What are the dangers in relying only on digital fabrication? What are its limitations? It’s certainly another powerful tool in the toolbox, but then something that’s laser cut or 3d printed has a certain type of look (industry shorthand to this effect has already developed amongst design firms.) Also, technologies like this are still expensive and can’t be easily used “on the job”. For example, you can make an enclosure for your Arduino project, but I challenge you to rapid prototype an entire house. I’m not a Luddite, but there’s something seemingly dangerous in not learning basic manual craftsmanship. Working with materials physically awakens certain creative techniques that can’t exist with a Wacom and stylus. The comparison is almost one of analog versus digital.

Digital fabrication relies on discrete iterations. It’s made or it’s not made, it’s changed or it’s not changed. Program the machine, wait for the prototype to come out. You don’t like it? Throw it away and start again. Desgning something with digifab from start to finish without touching a standard tool to it is certainly possible but this isn’t true in every case. Part of the danger in this assumption is in the need for further assemblage. My friend may have the CAD skills to design something like Makerbot’s turtle shell racer, but he’d still need the knowledge to put those parts together into a cohesive product once they’re printed.

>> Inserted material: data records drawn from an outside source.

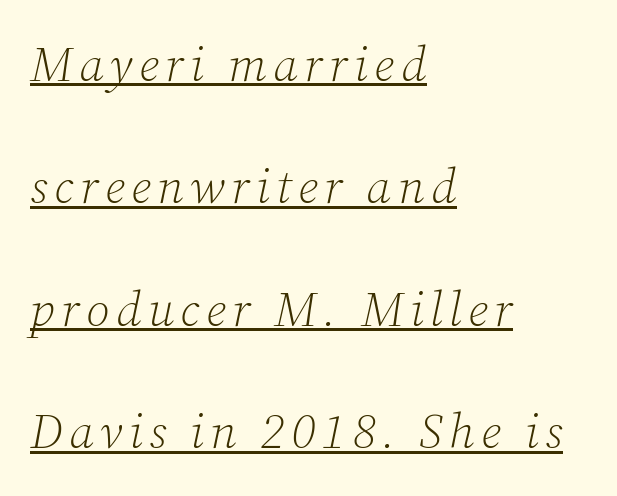
{"serif": "yes", "italic": "yes", "lean": "right", "slant_degrees": 12, "bold": "no", "weight": "light", "width": "normal", "stroke_contrast": "low", "x_height": "medium", "monospaced": "no", "underline": "yes", "align": "left", "line_spacing": "loose", "line_spacing_ratio": 2.5, "glyph_px": 49}
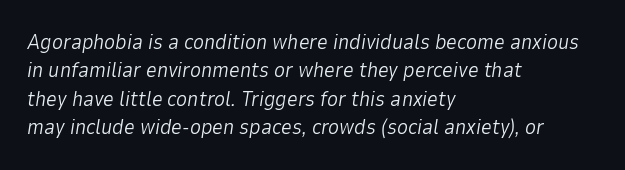
Q: Is the text bold? A: No.
Q: Is the text italic (slanted)? A: Yes, it leans right by about 9 degrees.
Q: Is the text underlined? A: No.
Q: How is the paragraph aligned? A: Left-aligned.
Q: Is the spacing between letters normal or unusually wide? A: Normal.
Q: Is the spacing between lines tight, normal or loose? A: Normal.
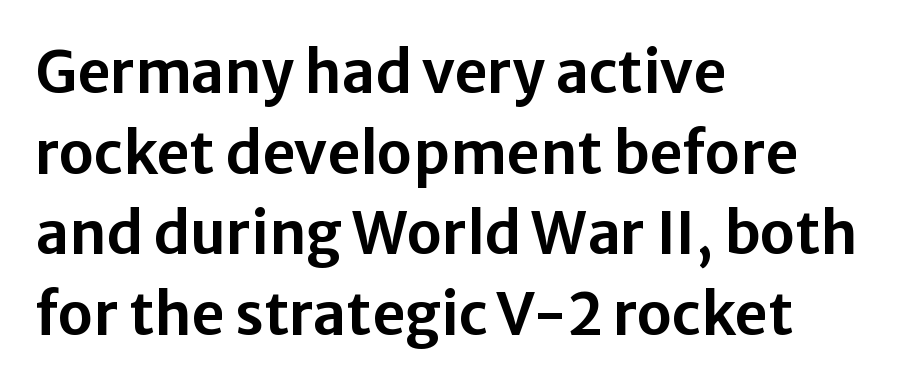
Note: no serifs on the glyphs. The compositor pushed each line to the left boundary. Is there any slant? The stems are plumb. Letter spacing: default. Varying glyph widths throughout — classic text-font behaviour. The string is rendered with underlining switched off.
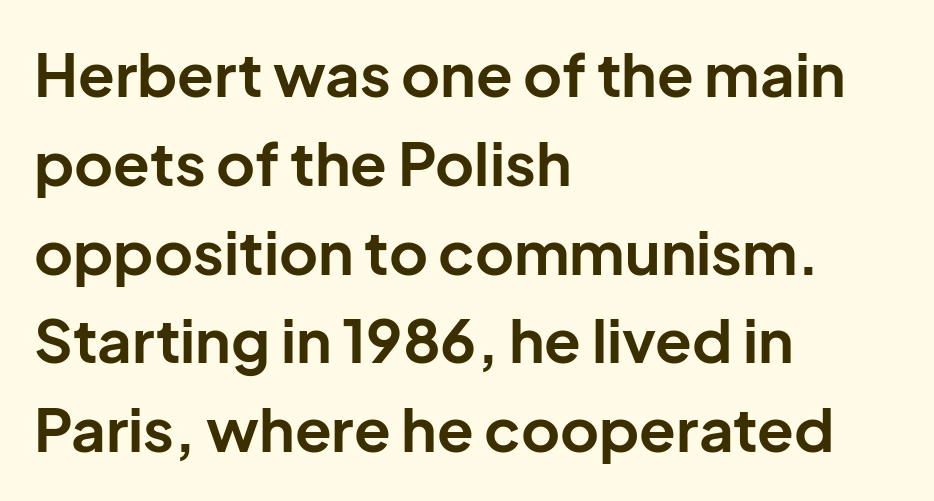
The image shows 60 px bold sans-serif type, upright; set left-aligned, normal line spacing (1.48x), normal letter spacing, not underlined; low stroke contrast and a medium x-height.
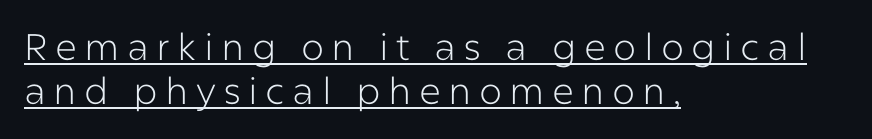
The image shows 37 px light sans-serif type, upright; set left-aligned, line spacing 1.2x, unusually wide letter spacing (+0.2 em), underlined; low stroke contrast and a medium x-height.
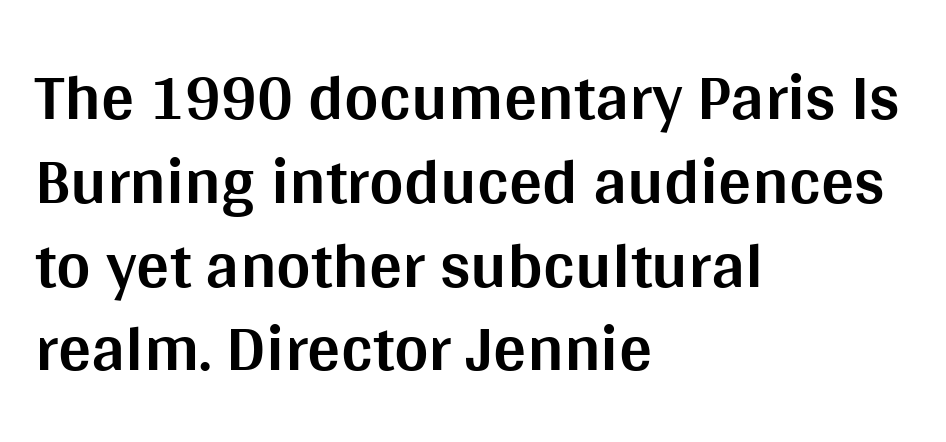
How would I describe the line gaps? Plain and ordinary. Posture: vertical. Do the characters align in a grid? No, the font is proportional. This is heavy type, rendered in bold.
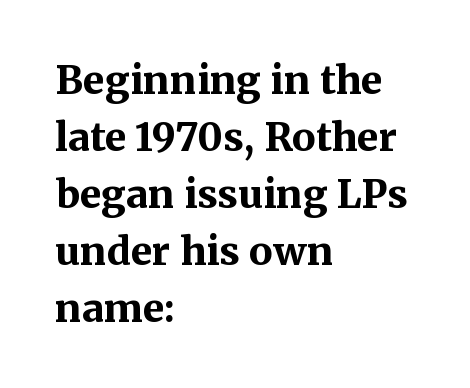
{"serif": "yes", "italic": "no", "bold": "yes", "weight": "bold", "width": "normal", "stroke_contrast": "medium", "x_height": "medium", "monospaced": "no", "underline": "no", "align": "left", "line_spacing": "normal", "line_spacing_ratio": 1.46, "letter_spacing": "normal", "letter_spacing_em": 0.0, "glyph_px": 39}
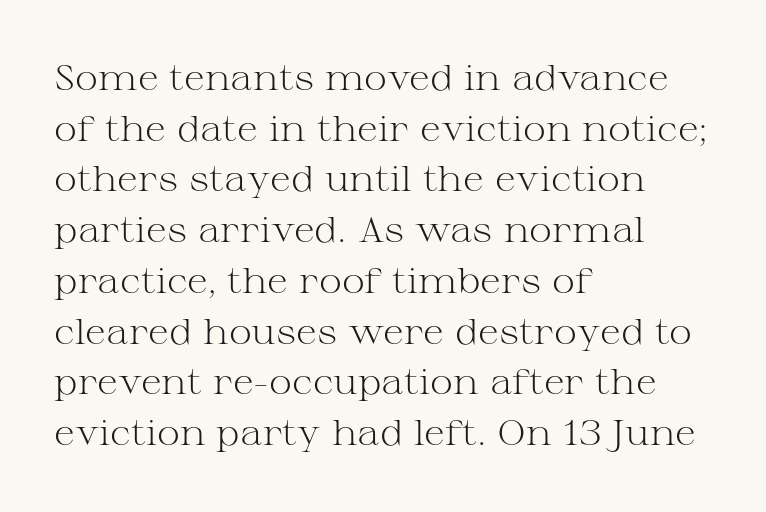
Note the varied advance widths — an 'i' is clearly narrower than an 'm'. Each word holds together tightly as a unit, with standard inter-letter gaps. A typesetter would mark this as roman, not italic. In CSS terms this would be text-align: left. The passage shown is typeset with a serif family.

Compare this to a wood bowl you’re turning on a lathe. You control the exact amount of pressure and time that you press your chisel to it. You even choose the chisel and you sharpen it yourself. How the grain of the wood responds to your touch informs your design decisions in real time. It’s a more intimate interaction, and informs the final product.

On the other hand, being a bit of a wood butcher myself, I know it takes hours and hours, years even, of practice to make products by hand that also look professional. Did I do myself a disservice by spending so much time with drills and saws, and not enough with Rhino and Illustrator? Woodworker and designer Ben Light says, “The old and new can live together quite beautifully. Skill, technique, and craftsmanship will always rise to the top whether it be digital or analog, but a comfort level or proficiency in one area shouldn’t scare you off of the other.”

Should we forge ahead with our Makerbots and Zings, never looking back? Or should we stick with old reliable tools, lest we become too advanced and lose our way in light of some catastrophe, like the ancient Minoans or users of the Template Construct in Warhammer 40000? I’m hedging myself and will remain pleased with a mix of both, but I’m more curious about what you think. Let’s hear it in the comments.